「現実見たんでしょ? 自分の足で歩いて、その目で見て、声を聞いて。…そうしてあの子らのために何かしたいって思えたなら、今日はそれだけで充分」

「っ……」

「ほら、行くよ。今頃付き人さんが探し回ってるんじゃない? 早く戻ってあげないと」

言うだけ言って行こうとする少年のマントをクローディアは掴んだ。振り返った少年は目を丸くさせると、自身の服を掴むクローディアの顔と手を交互に見る。

「……なに?」

「名前を、」

「名前? 誰の?」

クローディアは少年に名前を尋ねようとしていたのだが、いつもの癖でつい言葉を止めてしまった。家族以外の男性とこんなに近くで見つめ合うのが初めてだということに気づき、思わず言葉を飲み込んでしまったのだ。

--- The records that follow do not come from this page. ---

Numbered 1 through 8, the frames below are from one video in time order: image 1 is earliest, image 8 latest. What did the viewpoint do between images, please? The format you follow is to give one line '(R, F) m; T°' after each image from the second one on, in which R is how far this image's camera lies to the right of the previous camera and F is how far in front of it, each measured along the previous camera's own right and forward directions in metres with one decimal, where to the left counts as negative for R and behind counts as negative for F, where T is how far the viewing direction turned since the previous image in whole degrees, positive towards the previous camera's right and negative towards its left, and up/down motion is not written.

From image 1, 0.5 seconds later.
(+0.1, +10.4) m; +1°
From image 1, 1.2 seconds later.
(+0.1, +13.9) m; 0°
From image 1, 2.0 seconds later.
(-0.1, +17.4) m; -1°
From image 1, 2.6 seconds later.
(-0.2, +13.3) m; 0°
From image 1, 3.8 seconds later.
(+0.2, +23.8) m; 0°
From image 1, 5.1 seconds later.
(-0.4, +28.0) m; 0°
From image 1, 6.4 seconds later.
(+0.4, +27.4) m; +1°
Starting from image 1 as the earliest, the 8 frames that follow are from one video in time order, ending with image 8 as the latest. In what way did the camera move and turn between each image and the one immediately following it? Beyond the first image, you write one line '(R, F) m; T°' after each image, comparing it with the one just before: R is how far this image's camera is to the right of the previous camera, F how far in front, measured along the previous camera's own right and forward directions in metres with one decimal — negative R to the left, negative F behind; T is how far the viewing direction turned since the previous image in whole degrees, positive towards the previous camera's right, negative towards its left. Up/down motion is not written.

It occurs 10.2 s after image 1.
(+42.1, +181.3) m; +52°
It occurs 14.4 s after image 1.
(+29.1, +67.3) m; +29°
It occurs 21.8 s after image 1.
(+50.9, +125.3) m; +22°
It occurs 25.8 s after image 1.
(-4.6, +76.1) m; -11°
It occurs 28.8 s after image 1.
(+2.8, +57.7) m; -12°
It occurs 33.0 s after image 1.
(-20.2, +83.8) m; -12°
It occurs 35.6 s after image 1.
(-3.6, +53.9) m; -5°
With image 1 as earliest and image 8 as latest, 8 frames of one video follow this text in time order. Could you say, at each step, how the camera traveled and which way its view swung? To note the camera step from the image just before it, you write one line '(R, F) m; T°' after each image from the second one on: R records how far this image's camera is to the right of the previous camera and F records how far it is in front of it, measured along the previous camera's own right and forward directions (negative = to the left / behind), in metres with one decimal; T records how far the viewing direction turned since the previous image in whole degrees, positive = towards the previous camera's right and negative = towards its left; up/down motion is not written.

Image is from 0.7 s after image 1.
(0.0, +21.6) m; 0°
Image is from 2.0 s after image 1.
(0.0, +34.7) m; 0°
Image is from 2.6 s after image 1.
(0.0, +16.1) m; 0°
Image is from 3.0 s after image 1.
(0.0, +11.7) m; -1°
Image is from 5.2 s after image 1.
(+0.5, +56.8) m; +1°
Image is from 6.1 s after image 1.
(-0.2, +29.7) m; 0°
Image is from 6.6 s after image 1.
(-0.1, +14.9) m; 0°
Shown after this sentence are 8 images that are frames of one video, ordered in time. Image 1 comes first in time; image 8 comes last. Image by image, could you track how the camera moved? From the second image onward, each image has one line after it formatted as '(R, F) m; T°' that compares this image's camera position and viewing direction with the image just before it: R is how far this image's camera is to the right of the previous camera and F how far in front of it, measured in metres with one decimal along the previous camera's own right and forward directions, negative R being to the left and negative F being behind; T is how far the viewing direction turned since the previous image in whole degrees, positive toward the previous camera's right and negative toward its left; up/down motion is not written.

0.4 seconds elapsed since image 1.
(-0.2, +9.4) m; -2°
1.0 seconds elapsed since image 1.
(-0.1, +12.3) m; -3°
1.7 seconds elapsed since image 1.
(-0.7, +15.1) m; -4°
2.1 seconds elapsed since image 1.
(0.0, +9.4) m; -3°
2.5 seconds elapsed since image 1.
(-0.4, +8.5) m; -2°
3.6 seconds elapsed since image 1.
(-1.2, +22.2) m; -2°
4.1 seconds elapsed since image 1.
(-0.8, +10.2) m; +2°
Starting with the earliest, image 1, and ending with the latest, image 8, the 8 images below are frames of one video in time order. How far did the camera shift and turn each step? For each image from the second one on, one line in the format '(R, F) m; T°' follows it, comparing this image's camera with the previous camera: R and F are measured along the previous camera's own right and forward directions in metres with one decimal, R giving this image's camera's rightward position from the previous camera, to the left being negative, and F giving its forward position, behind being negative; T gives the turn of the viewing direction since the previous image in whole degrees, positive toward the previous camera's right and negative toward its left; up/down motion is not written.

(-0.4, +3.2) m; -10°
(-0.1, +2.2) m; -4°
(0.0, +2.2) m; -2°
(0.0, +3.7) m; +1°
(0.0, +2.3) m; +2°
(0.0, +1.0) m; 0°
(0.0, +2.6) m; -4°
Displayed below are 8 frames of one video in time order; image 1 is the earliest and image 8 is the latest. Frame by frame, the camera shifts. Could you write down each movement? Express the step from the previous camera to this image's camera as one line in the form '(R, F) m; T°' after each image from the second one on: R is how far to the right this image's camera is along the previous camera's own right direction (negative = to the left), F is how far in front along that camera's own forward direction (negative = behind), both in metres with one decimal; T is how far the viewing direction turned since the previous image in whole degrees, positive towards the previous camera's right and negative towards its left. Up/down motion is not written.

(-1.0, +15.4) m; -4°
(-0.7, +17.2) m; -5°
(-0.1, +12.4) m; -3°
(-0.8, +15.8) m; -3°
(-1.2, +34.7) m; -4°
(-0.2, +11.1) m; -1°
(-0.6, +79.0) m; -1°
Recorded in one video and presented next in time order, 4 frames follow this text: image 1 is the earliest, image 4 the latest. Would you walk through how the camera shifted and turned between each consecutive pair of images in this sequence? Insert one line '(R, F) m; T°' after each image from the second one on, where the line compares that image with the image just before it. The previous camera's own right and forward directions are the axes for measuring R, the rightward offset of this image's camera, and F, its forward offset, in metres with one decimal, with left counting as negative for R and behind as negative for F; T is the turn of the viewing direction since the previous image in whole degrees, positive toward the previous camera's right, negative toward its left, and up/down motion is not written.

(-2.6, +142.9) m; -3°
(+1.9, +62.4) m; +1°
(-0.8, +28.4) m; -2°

急に黙ったクローディアが何を言おうとしていたのかを感じ取ったのか、少年は緩々と口元を綻ばせた。

「リアン」

「……リアン?」

「そう。俺の名前」

少年はリアンと名乗ると、出身は南の方の国であり、ここアウストリア帝国へは建国祭のために来たと告げた。帝国では滅多に見かけない金色の髪は、南の国では珍しくない色だとも言う。

最後にアンナと居た場所を目指してリアンと歩き出したクローディアは、自身はディアと名乗った。近しい人しか呼ばない名だが、クローディアと名乗るわけにはいかない。

理由は分からないが、真っ直ぐに自分のことを見てくれるリアンにはこの国の皇女だと知られたくなかったのだ。